[ratings]Las Vegas welcomes a new criminalist in “Art Imitates Life.” Riley Adams joins the team as Warrick’s replacement. We don’t know much about Riley, except that she’s new to the Las Vegas Sheriff’s Department, and an experienced criminalist.
Unfortunately for Riley, her first day in the lab is when a grief counselor is brought in to help the team deal with Warrick’s death. Before Riley can even get settled, the counselor seizes the opportunity to warn Riley how tough it may be to join an established team, especially as Warrick’s replacement in the wake of his recent death. Riley tells the counselor that both her parents are shrinks, clearly unimpressed with the psychiatrist’s drive-by psycho babble. Riley just wants to get to work.
Let me first point out, the speed that the department got a replacement for Warrick is less believable than those patented CSI instant CoDIS (Combined DNA Index System) hits. You ever work with the government? Things are SLOW. The hiring process is painfully slow. My first government job took about a year from application to actually starting. Even in the best of circumstances you’d expect about a month to hire a qualified CSI.
Anyway…Riley is called out in the field on her first day, paired up with Grissom while he’s evaluating her for her CSI 2 exam. She’s a little more spunky than Grissom probably expected, maybe because unlike the others she hasn’t been mentored by him, so lacks the blind reverence I’m used to seeing from the crew. She’s every bit as sassy in her first interaction with the ME tech. While examining the corpse, Riley asks him to flip the body over. The ME technician looks to Grissom for his approval first. Riley tells the ME tech, “I saw that…and I’ll never forget it.” He looks unsettled until she tells him she was only joking.
Riley’s encounters with the rest of the team are similar: spunky, sassy, and funny. Like when she tells Catherine she smokes marijuana, but keeps a bottle of clean urine in her locker for drug testing…just in case. Hopefully she’ll develop into an interesting character. She’ll definitely bring a different dynamic to the established crew.
The homicides in this episode are a little different than the Vegas norm. The requisite dead bodies are posed, looking incredibly life-like, one is even standing. There’s only one suspect, an artsy killer who poses the bodies in various life-like positions, placing them around the city to be discovered later.
Onto the forensic aspects:
1) Grissom made a mistake! Grissom made a mistake!!! Remember that the next time you’re in the jury box. Luckily Hodges caught the mistake, or it probably would have slipped through the cracks and gone undiscovered. During sample preparation for headspace analysis (measuring the concentration of volatile chemicals on the airspace above a liquid layer of blood in a closed/heated sample container), Grissom forgot to add a required chemical. If Hodges hadn’t caught the error, they might not have detected the carbon monoxide present in all the victims’ blood samples.
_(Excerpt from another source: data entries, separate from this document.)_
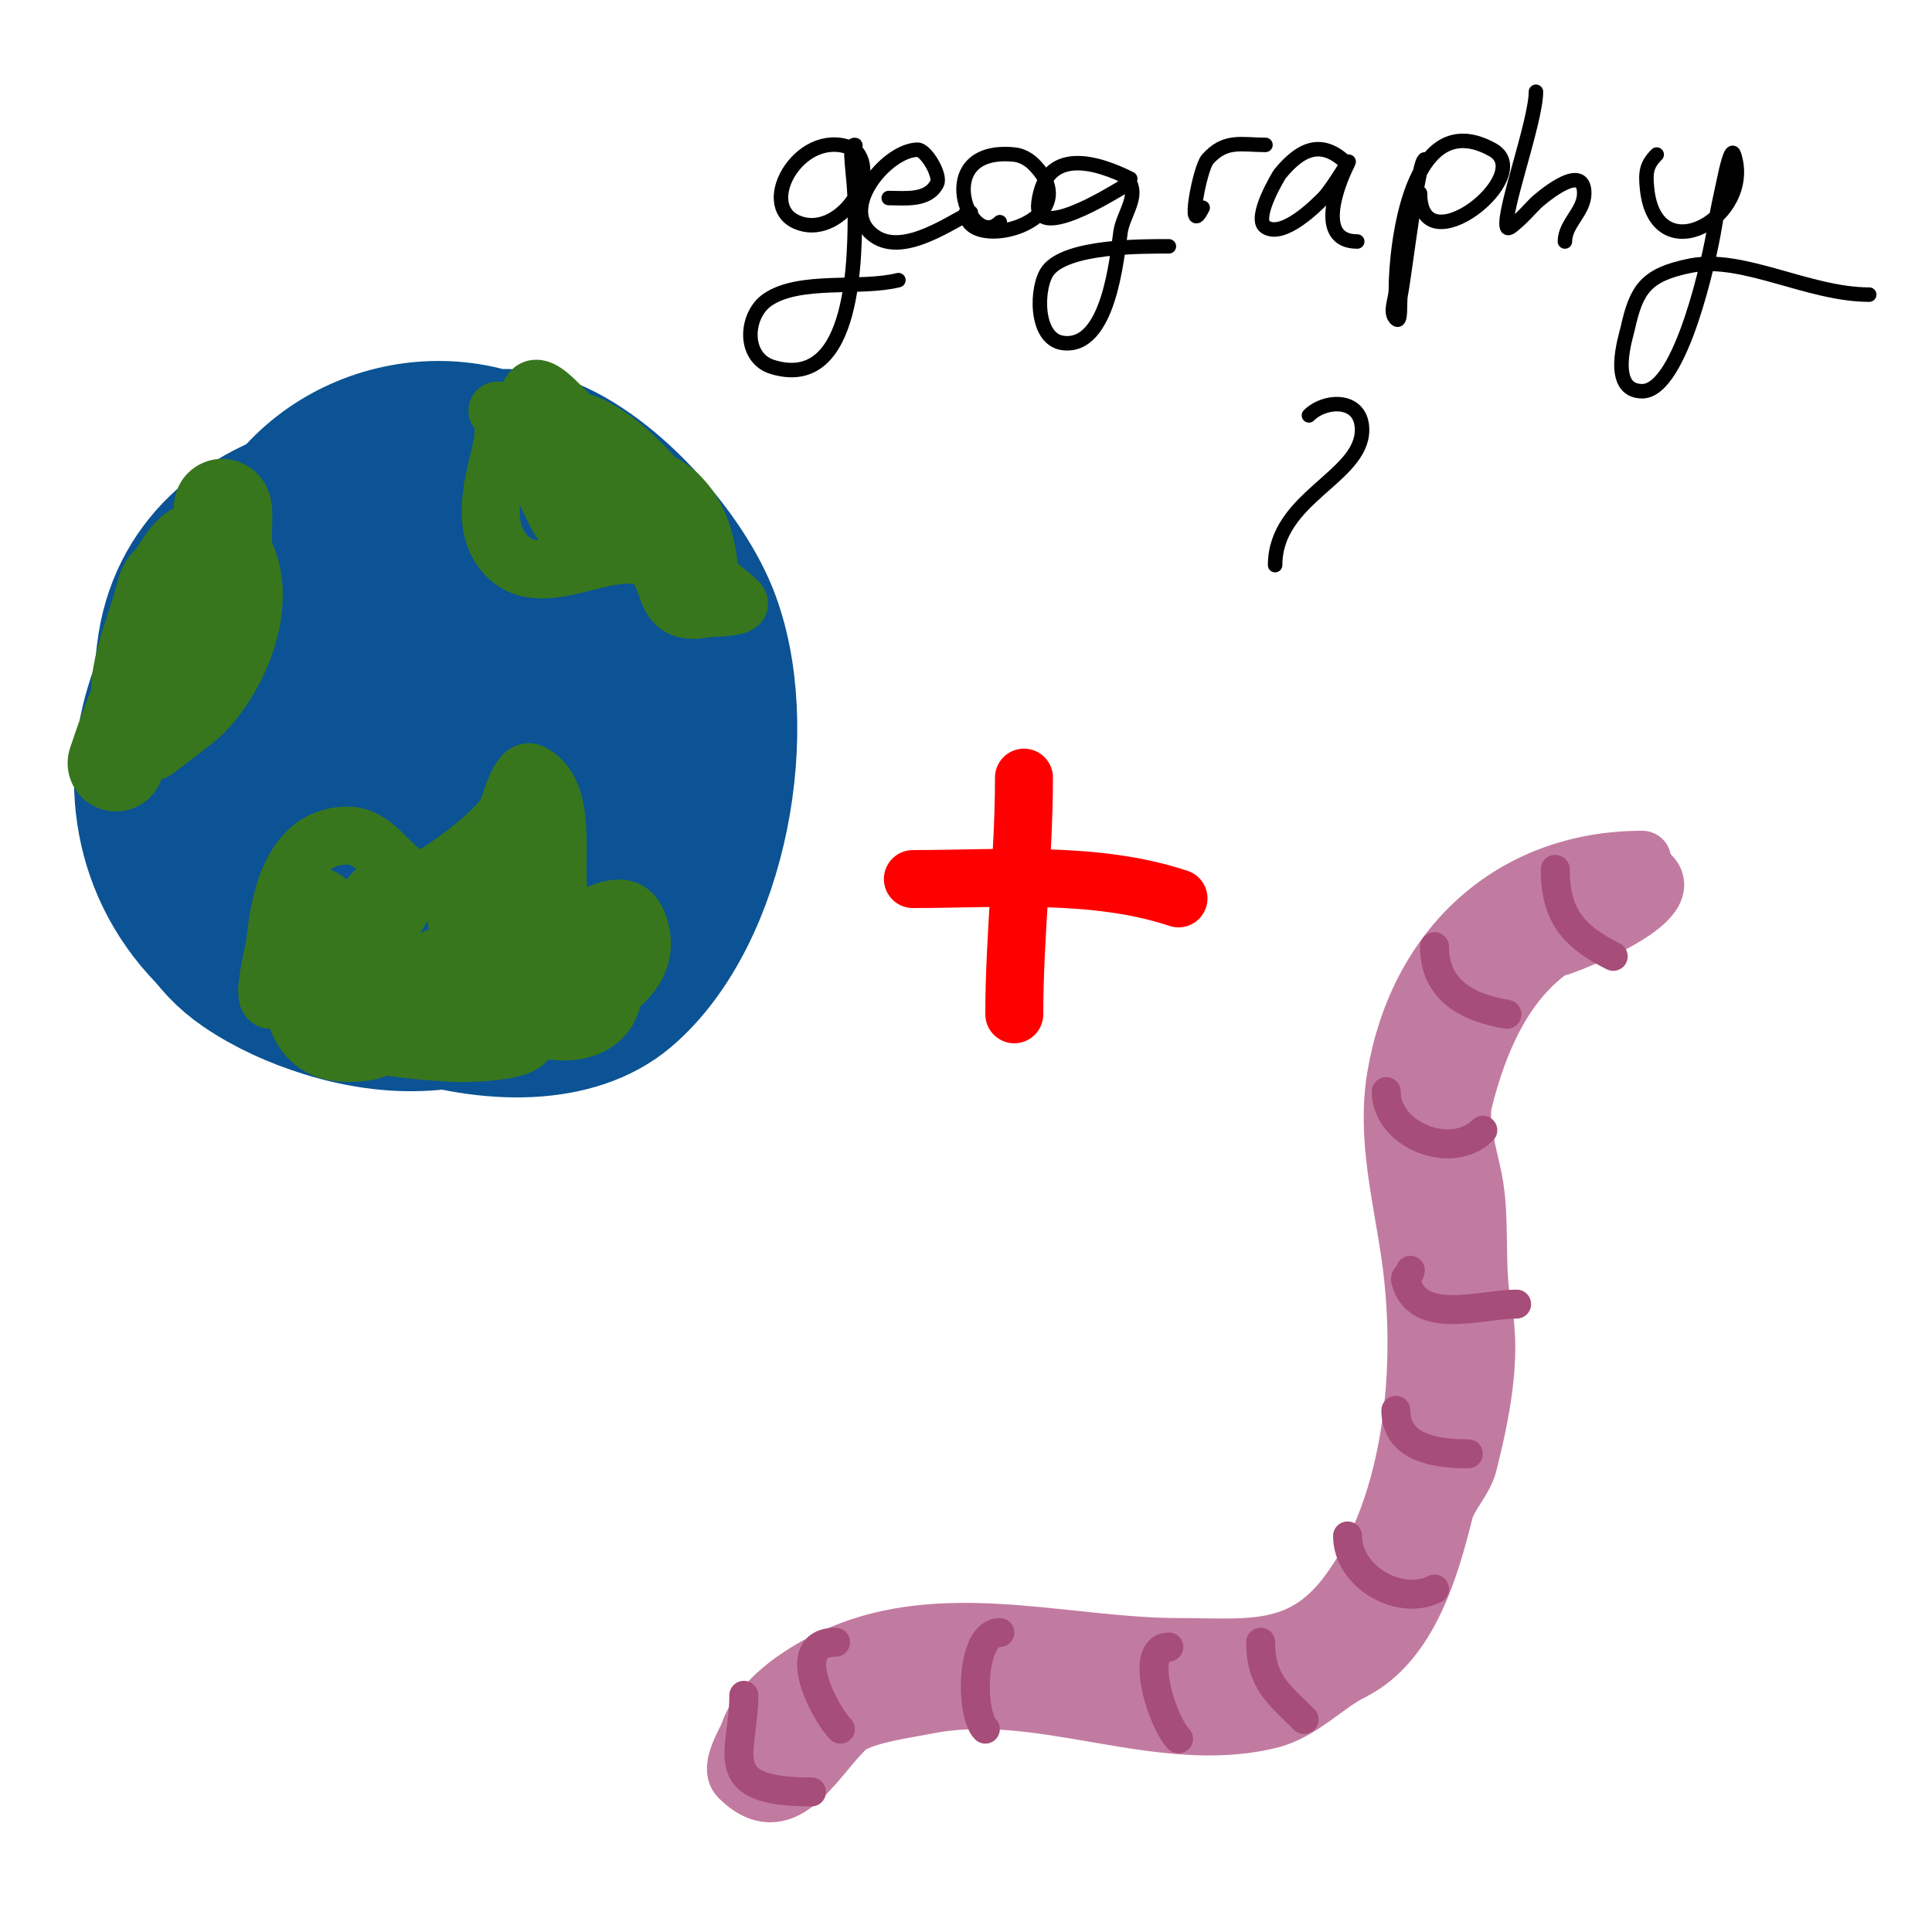 <svg viewBox='0 0 400 400' version='1.1' xmlns='http://www.w3.org/2000/svg' xmlns:xlink='http://www.w3.org/1999/xlink'><g fill='none' stroke='#0b5394' stroke-width='28' stroke-linecap='round' stroke-linejoin='round'><path d='M123,110c-3.674,0 -6.84,-8.978 -14,-5c-12.573,6.985 -21.2,37 1,37c19.96,0 32.43,-22.928 15,-36c-8.029,-6.022 -17.238,-1.202 -24,4c-12.262,9.432 -19.381,23.502 -10,38c17.689,27.337 51.495,-8.572 39,-32c-21.502,-40.317 -78.52,4.09 -58,40c22.725,39.768 68.743,-9.036 52,-41c-22.23,-42.439 -77.68,6.28 -69,41c10.301,41.204 70.787,29.73 75,-11c1.877,-18.14 -6.423,-46.624 -29,-49c-18.661,-1.964 -47.417,29.473 -45,48c6.275,48.11 90,62.668 90,1c0,-9.971 -3.483,-18.289 -8,-27c-2.289,-4.414 -9.228,-16.793 -15,-20c-31.862,-17.701 -85.844,31.671 -70,66c8.584,18.599 55.827,40.028 73,24c23.937,-22.341 -2.97,-74.667 -26,-88c-33.831,-19.586 -75.315,35.276 -60,67c12.853,26.625 61.929,40.071 84,18c10.855,-10.855 11.871,-34.07 11,-48c-0.492,-7.874 -5.001,-18.118 -10,-24c-4.068,-4.786 -13.192,-10.234 -19,-13c-35.958,-17.123 -65.406,23.841 -70,56c-2.248,15.736 -0.738,34.978 14,45c5.179,3.522 11.022,6.132 17,8c65.205,20.377 91.364,-70.934 50,-110c-17.626,-16.646 -46.946,-12.397 -60,8c-13.501,21.095 -17.446,49.199 -9,73c8.822,24.863 60.652,44.299 82,26c19.327,-16.566 26.268,-55.83 17,-79c-5.575,-13.937 -22.491,-32.546 -37,-36c-19.352,-4.608 -56.488,17.971 -64,36c-6.03,14.473 -5.683,28.268 -2,43'/><path d='M44,170c6.755,12.545 14.042,23.417 28,29c34.925,13.97 67,-3.596 67,-43c0,-17.333 -7.341,-38.431 -23,-48c-27.324,-16.698 -77.546,-10.113 -82,27c-0.898,7.485 -2.157,18.424 1,26c3.982,9.557 11.567,18.162 20,24c18.933,13.108 45.723,14.231 64,-1c24.528,-20.44 17.058,-62.759 -10,-77c-10.957,-5.767 -26.97,-1.647 -38,1c-38.708,9.29 -58.219,62.197 -24,90c11.818,9.602 23.116,10 37,10'/></g>
<g fill='none' stroke='#38761d' stroke-width='20' stroke-linecap='round' stroke-linejoin='round'><path d='M46,105c0.996,0 -0.469,8.063 1,11c4.22,8.44 -0.762,21.762 -8,29c-0.911,0.911 -9,7 -9,7c0,0 -0.236,-0.764 0,-1c2.687,-2.687 1.611,-22.222 5,-29c0.568,-1.137 4.186,-8 6,-8c0.632,0 -0.69,8.174 -1,9c-1.856,4.948 -5.252,18.834 -10,22c-1.144,0.762 -1.194,-2.639 -1,-4c0.892,-6.246 3.57,-12.278 5,-18c0.205,-0.819 0.677,-2.662 2,-2c2.794,1.397 2.33,4.672 1,7c-5.645,9.879 -9.365,19.096 -13,30'/></g>
<g fill='none' stroke='#38761d' stroke-width='12' stroke-linecap='round' stroke-linejoin='round'><path d='M103,85c1.668,0 1.301,5.495 1,7c-1.311,6.553 -4.705,15.727 0,22c6.693,8.924 19.204,-0.466 28,1c8.646,1.441 2.993,13.201 14,11c1.001,-0.2 6.127,-0.127 7,-1c0.585,-0.585 -13.175,-10.475 -14,-11c-8.685,-5.527 -26.241,-23.759 -37,-13c-0.106,0.106 3.285,-12.428 8,-14c9.341,-3.114 16.938,17.074 12,23c-3.567,4.28 -7.321,-4.641 -8,-6c-2.304,-4.607 -7.846,-17.872 -4,-23c1.342,-1.789 4.419,1.419 6,3c4.346,4.346 8.591,8.886 12,14c2.22,3.331 2.118,9.118 5,12c1.374,1.374 -1.834,-3.445 -3,-5c-3.694,-4.926 -8.73,-8.768 -12,-14c-0.707,-1.131 -1.333,-4 0,-4c8.359,0 25,17.615 25,26c0,1.184 -8.843,-10.633 -9,-11c-0.415,-0.969 0.021,-3.391 1,-3c9.625,3.85 12,14.055 12,23'/><path d='M56,207c-1.936,0 0.84,-10.396 1,-12c0.895,-8.951 3.541,-22 15,-22c7.742,0 10.474,12.3 18,8c3.766,-2.152 13.081,-9.163 15,-13c0.62,-1.24 2.524,-9.238 5,-8c9.335,4.668 2.885,23.142 7,30c2.291,3.818 11.917,-6.707 15,1c6.775,16.938 -26.29,23.57 -37,20c-2.979,-0.993 14,0.233 14,4c0,2.961 -13.031,3.123 -15,3c-7.426,-0.464 -29.872,-1.744 -34,-10c-0.907,-1.814 3.982,-1.202 6,-1c8.246,0.825 21.863,11 6,11c-14.46,0 -12.628,-18.534 -9,-27c0.841,-1.962 2.224,-6.184 4,-5c8.714,5.81 -7.322,24.407 2,30c5.147,3.088 18.476,-19.508 23,-18c0.593,0.198 -2.795,10.975 -3,12c-0.398,1.988 -2.434,7.434 -1,6c4.235,-4.235 6.23,-18.612 7,-24c0.287,-2.007 -0.434,-7.434 1,-6c4.898,4.898 5.518,16.789 5,23c-0.175,2.101 0.108,6 -2,6c-3.399,0 -1.409,-6.652 -2,-10c-1.114,-6.313 -3.317,-13.414 -2,-20c0.292,-1.462 2.76,1.173 4,2c2,1.333 4.056,2.586 6,4c7.905,5.749 12,12.222 12,22c0,2.357 -0.578,-4.681 -1,-7c-0.71,-3.905 -3.738,-10.349 -1,-14c3.561,-4.748 11.669,7.023 12,10c2.008,18.069 -24.979,12.808 -30,-1c-0.905,-2.489 -2.01,-12.995 2,-15c9.848,-4.924 17.632,9.105 15,17c-5.918,17.754 -41.524,4.669 -39,-13c2.754,-19.279 40.242,3.942 23,14c-23.513,13.716 -24.05,-24.789 1,-23c10.262,0.733 12.636,10.431 10,19c-1.009,3.28 -1.93,10.535 -5,9c-1.193,-0.596 -0.102,-2.671 0,-4c0.555,-7.21 0.311,-22.851 4,-29c1.339,-2.232 4.056,3.574 5,6c0.769,1.978 11.478,47.434 4,25'/></g>
<g fill='none' stroke='#ff0000' stroke-width='12' stroke-linecap='round' stroke-linejoin='round'><path d='M212,161c0,16.395 -2,32.752 -2,49'/><path d='M189,182c17.513,0 37.698,-1.767 55,4'/></g>
<g fill='none' stroke='#c27ba0' stroke-width='12' stroke-linecap='round' stroke-linejoin='round'><path d='M340,178c-27.114,0 -46.532,18.192 -51,45c-2.075,12.449 1.243,24.699 3,37c3.197,22.376 0.845,51.54 -13,70c-9.686,12.915 -20.817,11 -35,11c-21.71,0 -44.801,-7.066 -66,0c-8.937,2.979 -20.238,9.713 -23,18c-0.472,1.415 -4.08,6.92 -2,9c9.2,9.2 15.071,-3.071 22,-10c2.92,-2.92 12.594,-4.119 17,-5c23.477,-4.695 48.078,8.73 71,3c6.475,-1.619 11.377,-7.189 17,-10'/><path d='M280,346c11.715,-5.858 16.155,-21.621 19,-33c0.852,-3.41 4.108,-6.43 5,-10c2.392,-9.567 5.035,-21.825 3,-32c-1.747,-8.735 -0.25,-18.251 -2,-27c-0.864,-4.321 -3.109,-11.562 -2,-16c3.079,-12.317 8.411,-24.941 19,-32c0.277,-0.185 0.684,0.105 1,0c2.353,-0.784 27.919,-10.541 17,-16c-6.052,-3.026 -16.336,3.279 -21,6c-10.938,6.38 -27.856,16.576 -24,32c0.747,2.986 4.62,-1.431 5,-2c3.559,-5.339 6.632,-12.079 9,-18c0.277,-0.692 1,-2 1,-2c0,0 -2.024,4.657 -3,7c-0.976,2.343 -2.08,4.634 -3,7c-5.012,12.889 -9.823,27.017 -9,41c0.257,4.362 1.942,12 3,12c2.333,0 0,-4.667 0,-7c0,-4.679 -0.708,-9.331 -1,-14c-0.187,-2.994 -1.342,-6.317 0,-9c0.149,-0.298 0.815,-0.277 1,0c5.254,7.881 3.777,34.681 3,44c-0.333,4 -0.557,8.011 -1,12c-0.304,2.732 0.749,8 -2,8c-0.851,0 -2.097,-16.935 1,-19c0.877,-0.585 0.869,1.954 1,3c0.207,1.654 0.138,3.339 0,5c-0.462,5.549 -1.407,13.204 -7,16'/><path d='M275,341c0,-1.222 -16.997,7.665 -20,10c-1.861,1.447 -6.667,3.333 -5,5c1.9,1.9 4.935,-2.28 7,-4c8.62,-7.183 19.416,-13.416 27,-21c1.136,-1.136 -0.864,-1.136 -2,0c-1.068,1.068 -3,5.652 -3,7c0,1.202 2.301,-1.022 3,-2c1.13,-1.582 1.885,-3.408 3,-5c2.447,-3.496 4.382,-8.728 7,-12c0.466,-0.582 1.255,-1 2,-1c1.491,0 -1.01,2.886 -2,4c-1.879,2.114 -3.863,4.148 -6,6c-9.002,7.802 -21.227,18.861 -33,22c-0.534,0.142 -17,2.475 -17,-2c0,-2.028 4,-0.667 6,-1c0.873,-0.145 11.577,-2.846 13,0c0.211,0.422 -0.559,0.834 -1,1c-6.456,2.421 -15.164,3.206 -22,2c-8.852,-1.562 -16.997,-5.8 -26,-7c-1.982,-0.264 -4,0 -6,0c-2,0 -7.414,-1.414 -6,0c1.17,1.17 8.264,3.868 10,3c1.068,-0.534 -4.283,-1.324 -8,-2c-8.222,-1.495 -16.192,-1.928 -24,1c-0.987,0.37 -3,-0.054 -3,1c0,1.054 1.946,1 3,1c3.837,0 10.111,-1.111 13,-4c1.434,-1.434 -4.128,0.22 -6,1c-7.048,2.936 -13.537,7.864 -18,14c-1.414,1.944 -2.726,3.962 -4,6c-0.53,0.848 -0.949,3.316 0,3c1.324,-0.441 17,-17.629 17,-18c0,-0.745 -1.587,0.38 -2,1c-0.996,1.494 -1.076,3.461 -2,5c-2.436,4.06 -6.095,10 -11,10'/></g>
<g fill='none' stroke='#a64d79' stroke-width='6' stroke-linecap='round' stroke-linejoin='round'><path d='M322,180c0,9.58 3.84,13.92 12,18'/><path d='M297,196c0,8.967 6.73,12.622 15,14'/><path d='M287,226c0,9.034 13.553,14.447 20,8'/><path d='M292,263c0,0.745 -1.181,1.277 -1,2c2.424,9.696 15.505,5 23,5'/><path d='M289,292c0,8.073 8.931,9 15,9'/><path d='M279,318c0,8.462 10.735,14.632 18,11'/><path d='M261,340c0,8.245 3.878,10.878 9,16'/><path d='M242,341c-6.448,0 -1.261,15.739 2,19'/><path d='M207,338c-6.121,0 -6.14,16.86 -3,20'/><path d='M173,340c-10.155,0 -2.103,14.897 1,18'/><path d='M154,351c0,11.997 -6.598,20 14,20'/></g>
<g fill='none' stroke='#000000' stroke-width='3' stroke-linecap='round' stroke-linejoin='round'><path d='M177,31c-10.785,-5.392 -20.663,11.287 -12,15c8.551,3.665 17.532,-9.468 12,-15c-0.236,-0.236 0.333,-1 0,-1c-1.619,0 0,6.032 0,13c0,9.467 0.26,38.178 -17,33c-6.298,-1.889 -5.736,-10.843 -1,-14c6.711,-4.474 19.121,-2.03 27,-4'/><path d='M184,41c3.319,0 8.159,0.683 10,-3c0.853,-1.706 -2.291,-7 -4,-7c-6.064,0 -15.762,11.238 -10,17c5.76,5.76 15.729,-1.364 21,-4'/><path d='M207,46c-6.163,6.163 -14.579,-15.758 3,-14c1.483,0.148 2.946,0.946 4,2c11.869,11.869 -14,18.66 -14,10'/><path d='M234,37c-6.861,-3.431 -17.528,-6.774 -19,5c-1.02,8.16 14.952,-1.83 17,-3c0.647,-0.37 1.667,-1.667 2,-1c1.52,3.04 -1.519,6.635 -2,10c-0.767,5.367 -2.423,24.368 -12,23c-5.835,-0.834 -5.504,-11.781 -3,-15c3.975,-5.111 19.388,-5 25,-5'/><path d='M249,43c-3.406,6.812 -0.645,-8.12 1,-10c3.675,-4.2 7.048,-3 12,-3'/><path d='M279,34c-5.019,-5.019 -9.351,-3.682 -14,2c-0.148,0.181 -5.681,9.212 -3,11c3.695,2.464 10.699,-4.699 12,-6c2.028,-2.028 6.282,-9.565 5,-7c-2.411,4.822 -6.443,16 2,16'/><path d='M295,33c-1.384,0 -4.146,23.728 -5,28c-0.333,1.667 0.202,6.202 -1,5c-1.414,-1.414 0,-4 0,-6c0,-8.854 3.028,-38.429 20,-29c9.398,5.221 -15,24.549 -15,9'/><path d='M318,19c0,6.157 -6.964,25.108 -6,28c0.236,0.707 1.427,-0.523 2,-1c1.449,-1.207 2.667,-2.667 4,-4c0.117,-0.117 10,-9.015 10,-2c0,3.83 -4,6.27 -4,10'/><path d='M343,32c-2.166,2.166 -2.323,3.766 -2,7c1.759,17.591 22.335,6.004 18,-7c-0.568,-1.703 -1.624,3.245 -2,5c-0.712,3.324 -1.47,6.642 -2,10c-0.925,5.856 -6.914,34 -15,34c-7.084,0 -3.353,-11.412 -3,-13c1.803,-8.112 3.732,-11.146 13,-13c10.779,-2.156 24.432,6 37,6'/><path d='M271,86c3.363,-3.363 11,-3.655 11,3c0,9.814 -18,14.065 -18,28'/></g>
</svg>

Scientific testing is done by scientists. Scientists are human. Humans make mistakes. Scientific testing can therefore be wrong.
2) The other forensic bits of interest were identifying common fibers found on all the victims as being burlap fibers. From that the crew determined all the victims had all been in a particular type of warehouse. Not that much of a stretch actually.
The other bit was finding low levels of a sleeping drug in all the victims. I’m not familiar with the drug they mentioned, but once again pretty routine for crime labs.
So the forensic science portion of this episode was actually very well executed in this episode.